Community art and co-creation in a world on fire

Contemporary totalitarianism

George Orwell died in 1950, and wrote mostly in the context of the struggle of liberal democracy against Nazism and Stalinism. He could hardly have imagined the world in which we live, and yet somehow he did, if not in its details then in many of its fundamentals. So I find myself reading him more than ever, especially his essays, in which form he has no peer but Albert Camus.

In 1945, Orwell published ‘The Prevention of Literature’, arguing that prose writing – fiction, history, criticism etc. – cannot exist in a totalitarian society. Although much of his focus is on the suppression of dissident thought in the USSR, and among Communist sympathisers elsewhere, he is equally perceptive about the destruction of thought and liberty by over-powerful capitalist industries. His analysis now seems pertinent to this age of populist authoritarianism:

The organised lying practised by totalitarian states is not, as is sometimes claimed, a temporary expedient of the same nature as military deception. It is something integral to totalitarianism, something that would still continue even if concentration camps and secret police forces had ceased to be necessary.

‘Organised lying’ is a precise term for what dominates the media and the Internet today.

From the totalitarian point of view history is something to be created rather than learned. A totalitarian state is in effect a theocracy, and its ruling caste, in order to keep its position, has to be thought of as infallible. But since, in practice, no one is infallible, it is frequently necessary to rearrange past events in order to show that this or that mistake was not made, or that this or that imaginary triumph actually happened.

Again, an uncannily accurate description of how over-powerful leaders require a devotion that can only be compared to religious faith, even when they contradict themselves and rewrite the past, or indeed the present.
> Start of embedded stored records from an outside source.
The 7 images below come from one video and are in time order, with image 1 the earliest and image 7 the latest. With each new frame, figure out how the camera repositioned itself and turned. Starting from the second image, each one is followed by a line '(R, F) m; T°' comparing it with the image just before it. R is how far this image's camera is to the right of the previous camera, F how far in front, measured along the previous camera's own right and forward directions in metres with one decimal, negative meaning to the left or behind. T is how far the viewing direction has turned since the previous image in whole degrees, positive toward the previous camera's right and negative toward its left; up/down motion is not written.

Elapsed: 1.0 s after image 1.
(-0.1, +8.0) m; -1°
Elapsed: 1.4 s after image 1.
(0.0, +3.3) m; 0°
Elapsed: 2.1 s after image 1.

At such time belief itself is an excellent way of demonstrating subservient devotion and the negation of independent thought.
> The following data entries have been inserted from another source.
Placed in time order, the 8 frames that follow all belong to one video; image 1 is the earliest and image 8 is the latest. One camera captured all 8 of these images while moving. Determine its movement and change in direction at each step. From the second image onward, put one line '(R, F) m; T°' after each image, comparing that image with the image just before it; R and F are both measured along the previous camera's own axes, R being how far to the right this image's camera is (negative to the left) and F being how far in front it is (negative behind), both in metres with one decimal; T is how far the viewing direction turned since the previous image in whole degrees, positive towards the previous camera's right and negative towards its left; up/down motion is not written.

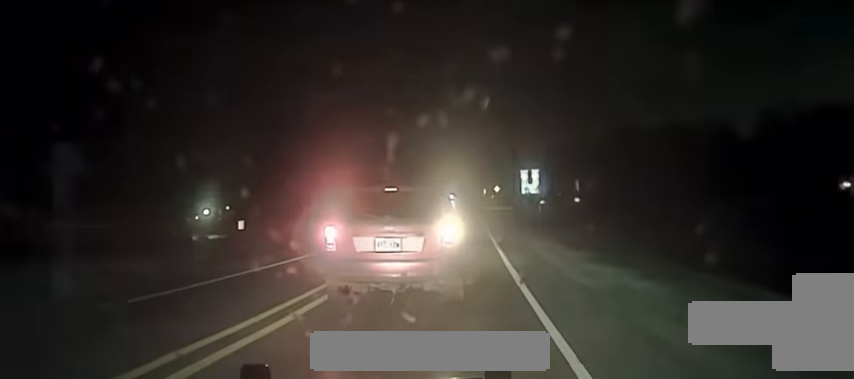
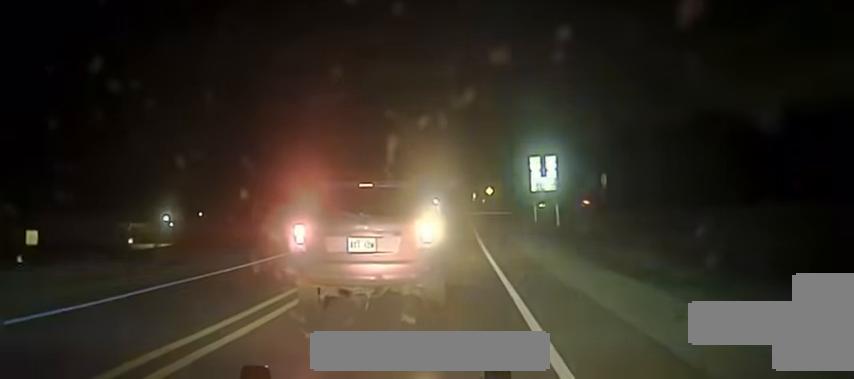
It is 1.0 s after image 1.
(+0.4, +21.5) m; +1°
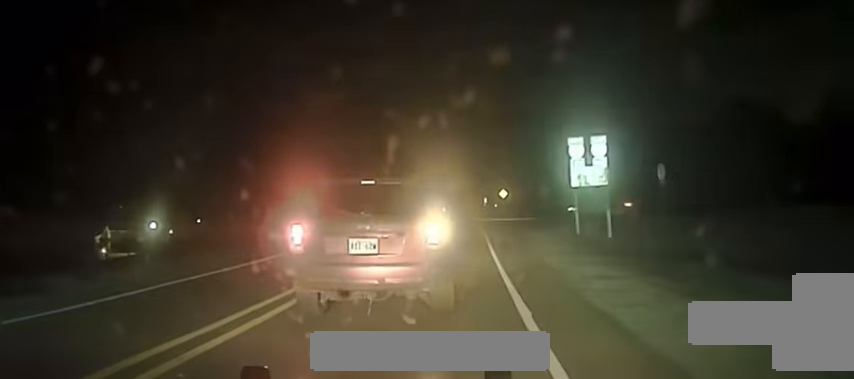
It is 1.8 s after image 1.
(0.0, +15.1) m; 0°
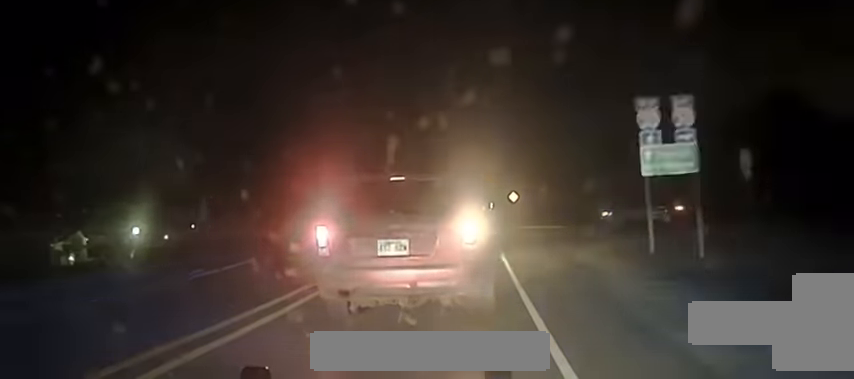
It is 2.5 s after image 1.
(0.0, +13.1) m; +2°
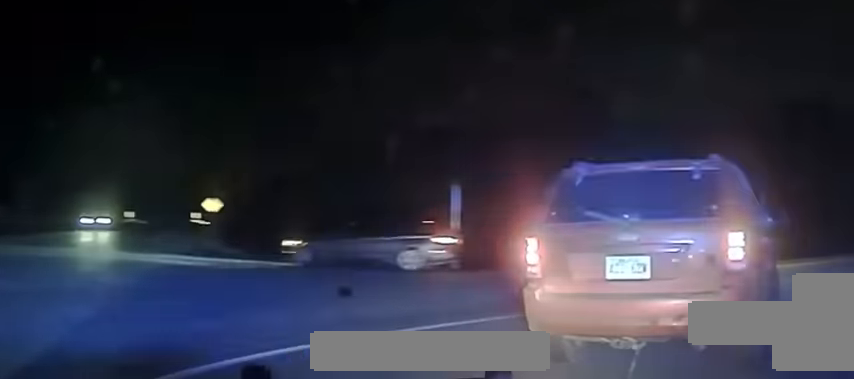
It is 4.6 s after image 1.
(+3.0, +25.2) m; +25°
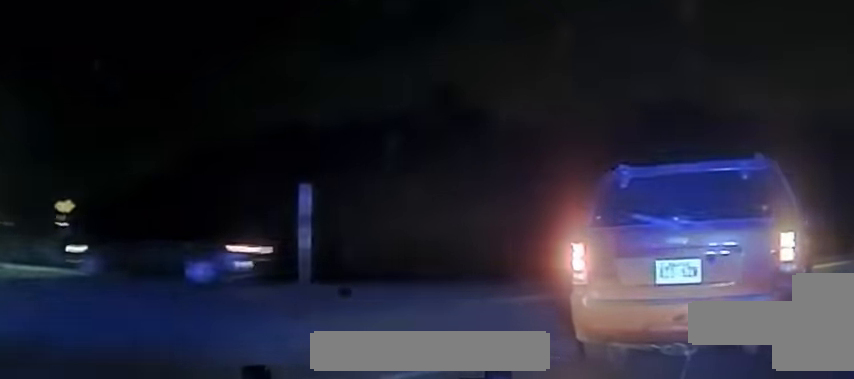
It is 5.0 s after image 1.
(+0.1, +4.0) m; +10°
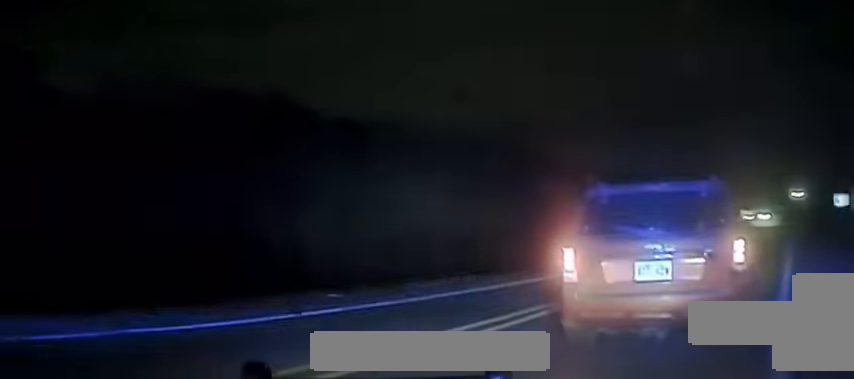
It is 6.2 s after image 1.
(+2.7, +9.1) m; +30°
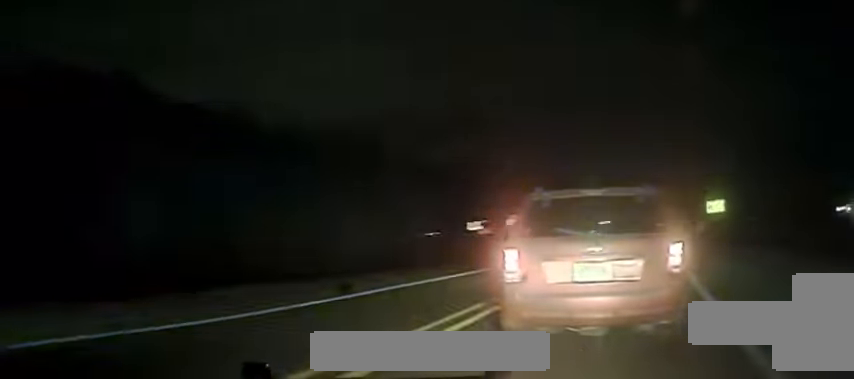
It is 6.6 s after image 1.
(+0.5, +3.9) m; +9°

Totalitarianism demands, in fact, the continuous alteration of the past, and in the long run probably demands a disbelief in the very existence of objective truth.

There is nothing new in alternative facts and a post-truth society.

Orwell even seems to have imagined the possibility of AI, while seeing its precursors in the industrial production of culture in his own time:

It would probably not be beyond human ingenuity to write books by machinery. But a sort of mechanising process can already be seen at work in the film and radio, in publicity and propaganda, and in the lower reaches of journalism.

He argues that work produced by these means would be – would have to be – rubbish, because anything else would endanger the state. Today, it is necessary to understand the state to mean the nexus of politics, technology and finance that protects its hegemony through control of the media and the internet, backed by the violence of the military-industrial complex President Eisenhower named in 1961.

Because his essay concerns the situation of writers, George Orwell applies his conclusion to them, but everyone has a mind, and the danger of losing it is universal:

[A]ny writer who adopts the totalitarian outlook, who finds excuses for persecution and the falsification of reality, thereby destroys himself as a writer. There is no way out of this. […] a bought mind is a spoiled mind.

  • ‘The Prevention of Literature’ in George Orwell, 2016, The Collected Non-Fiction: Essays, Articles, Diaries and Letters, 1903-1950, Penguin.